I'm using ftfy
to fix broken UTF-8
encoding that shows as CP1252
and convert it to UTF-8
cyrillic, but I've found that some letters can't be fixed.
I have a string Ð'010СС199
that I convert to bytes and define pairs b"\xc3\x90'010\xc3\x90\xc2\xa1\xc3\x90\xc2\xa1199"
where:
\xc3\x90' -> \xd0\x92 -> Cyrillic В
\xc3\x90\xc2\xa1\ -> \xd0\xa1 -> cyrillic С
As you can see Ð'
length is 2. ord
won't work in this case.
For using slice
I must know where is start
and end
.
Translate
also doesn't work here.
Previously I've used simple string replacement, but now I'd like to improve my method and exclude mistakes.
Original Ð'010СС199
-> conversion -> outputВ010СС199
EDIT:
str = "Ð'010СС199"
str_to_bytes = str.encode("UTF-8")
print(str_to_bytes)
# UTF-8 bytes
# \xc3\x90\xc2\xa0 : \xd0\xa0 -> cyrillic Р
# \xc3\x90\xc2\xa1 : \xd0\xa1 -> cyrillic С
# \xc3\x90\xe2\x80\x94' : \xd0\x97 -> cyrillic З
# \xc3\x90' : \xd0\x92 -> Cyrillic В
test_str = b"\xc3\x90'010\xc3\x90\xc2\xa1\xc3\x90\xc2\xa1199"

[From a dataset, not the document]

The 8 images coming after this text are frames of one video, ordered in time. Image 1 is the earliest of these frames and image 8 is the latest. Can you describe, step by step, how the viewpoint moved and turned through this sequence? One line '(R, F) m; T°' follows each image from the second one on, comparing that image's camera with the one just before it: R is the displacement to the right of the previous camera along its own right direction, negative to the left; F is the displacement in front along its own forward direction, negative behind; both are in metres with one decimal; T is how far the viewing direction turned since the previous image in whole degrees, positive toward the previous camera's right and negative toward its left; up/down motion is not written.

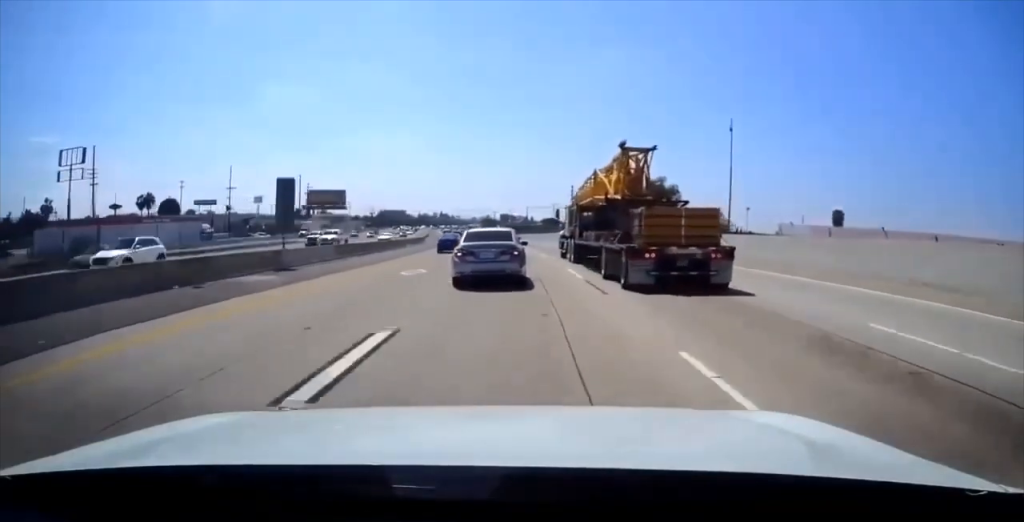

t1 = test_str.replace(b'\xc3\x90\xc2\xa1', b'\xd0\xa1')
print(t1)
dict_cyr = {"Ð'": "P",
"С":"C"}
t2 = test_str.translate(test_str)
print(t2)
I can explain how I received results. 1. I used 2cyr.com decoder. But even it failed in some cases. 2. I have a manually translated strings, so I compared them and define what byte corresponds to cyrillic letter with help of UTF-8 chartable.